A LESTE DE BUCARESTE – A fost sau n-a fost?
Opinião
Logo após a queda do Muro de Berlim em novembro de 1989 (relatada no ótimo filme Adeus, Lênin!), o efeito dominó atingiu os países do leste europeu, derrubando definitivamente a cortina de ferro da ex-União Soviética. Na Romênia não foi diferente. Em Bucareste, o ex-ditador Ceausescu é deposto em 22 de dezembro daquele ano – um reflexo do conflito iniciado entre manifestantes e polícia em uma cidade vizinha.
Diante dos acontecimentos que mudaram o mapa da Europa, uma pequena cidade a leste de Bucareste se pergunta, depois de 16 anos, se realmente participou dessa mudança e fez uma revolução. Essa é a sugestão de um apresentador de televisão em seu programa. O filme gira em torno dessa questão e trata, com um humor sutil, tristeza e desilusão, o significado real dessa mudança para o povo e no povo em si.

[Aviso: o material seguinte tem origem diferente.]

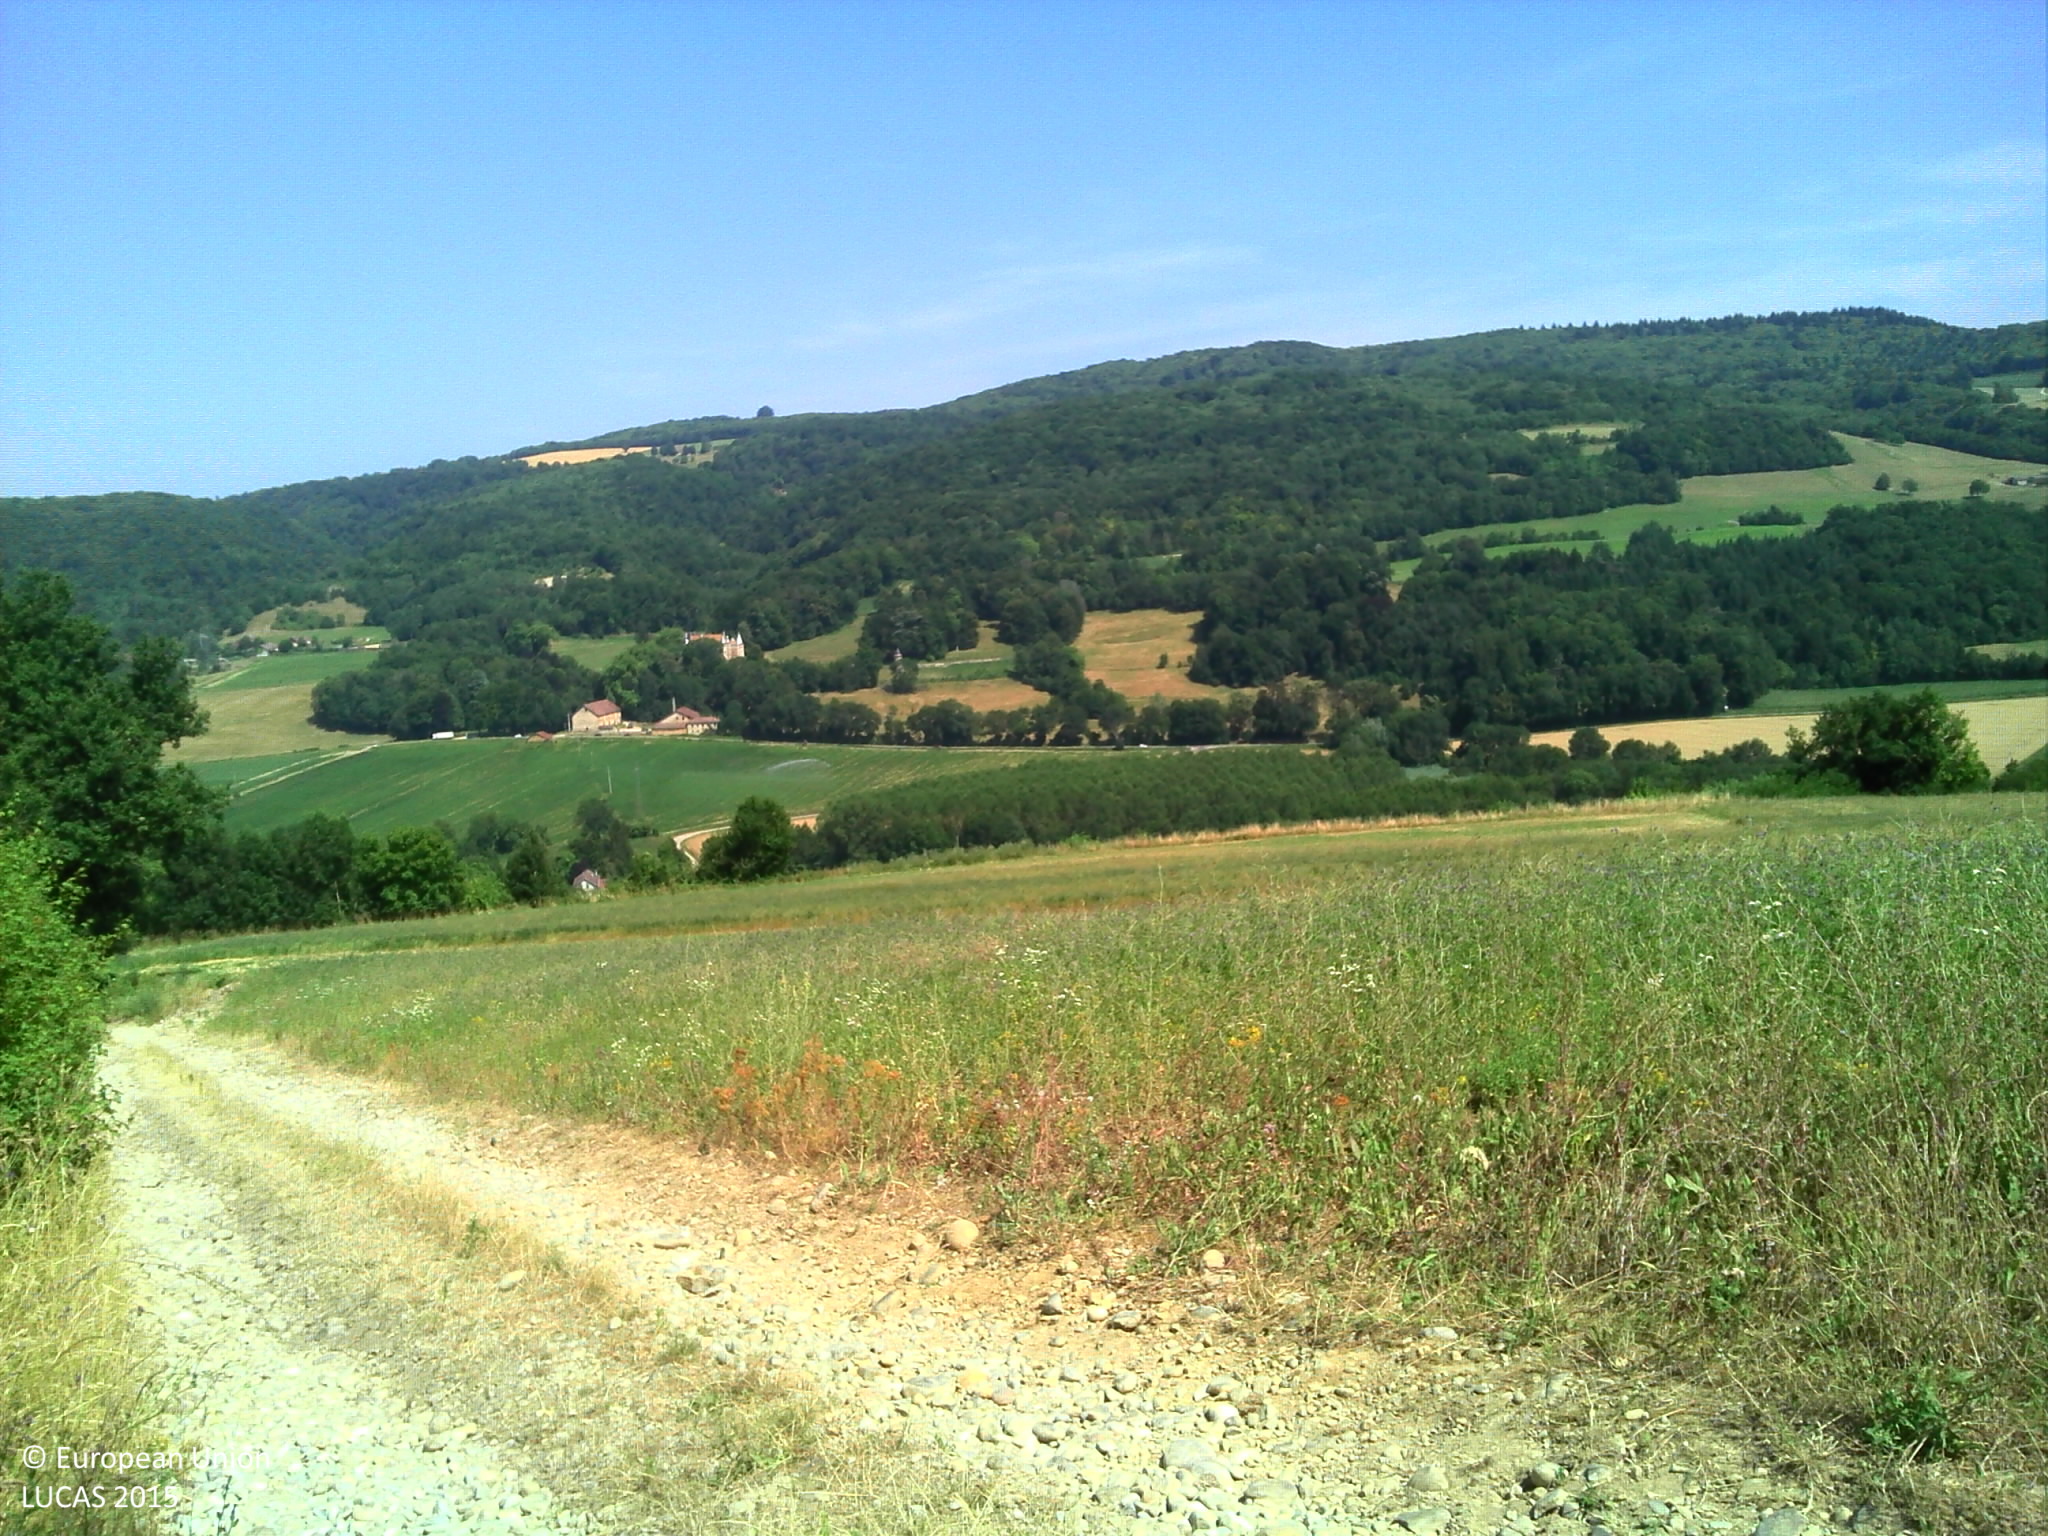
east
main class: Grassland
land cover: Grassland without tree/shrub cover
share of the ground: > 75 %
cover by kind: herbaceous plants 100 %
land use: Agriculture (excluding fallow land and kitchen gardens)
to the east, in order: Grassland without tree/shrub cover; Fences; Abandoned hedges; Tracks; Managed hedges; Other leguminous and mixtures for fodder; Broadleaved woodland; Railways; Broadleaved woodland; Fences; Grassland without tree/shrub cover
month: July
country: FR
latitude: 45.4600
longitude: 5.4392

A dita melancolia é transmitida pelo panorama da tal cidade, sem graça e mal cuidada; por seus habitantes (pelo menos a amostra coletada pelo diretor, vencedor do prêmio de Cannes aos novatos, o Camera D’Or), apáticos, que vivem uma crise existencial e familiar, fazem pinta de trapaceiros, como quem precisa tirar vantagem da situação por pura falta de opção. Na indiferença diante de qualquer mudança positiva que a tal revolução possa ter trazido, um grupo de estudantes chega ao cúmulo de sugerir a revolução francesa como tema de um trabalho – nem a revolução no próprio país exalta os ânimos, nem sequer é lembrada.
Pensando um pouco nos recentes filmes romenos (vejam também Casamento Silencioso), a semelhança entre eles é no mínimo curiosa. Ambos lançam mão da ironia e do humor sutil – que precisam ser percebidos nas entrelinhas – para tratar do grande estrago que o comunismo fez na alma do povo. As cicatrizes são tão visíveis que fiquei com a impressão de serem puros saudosistas – por ser o passado seu mais valioso patrimônio. Impressão de que só as novas gerações serão capazes de viver o presente olhando para o futuro; de que quem viveu a realidade do país fechado, reprimido, estatizado, carente de tudo não sabe valorizar o indivíduo, muito menos a si próprio. É uma crise de identidade e de maturidade, típicos de quem não aprendeu a andar com as próprias pernas. Se replicarmos essa visão aos tantos outros países na mesma situação, tem uma parte da Europa em sérios apuros.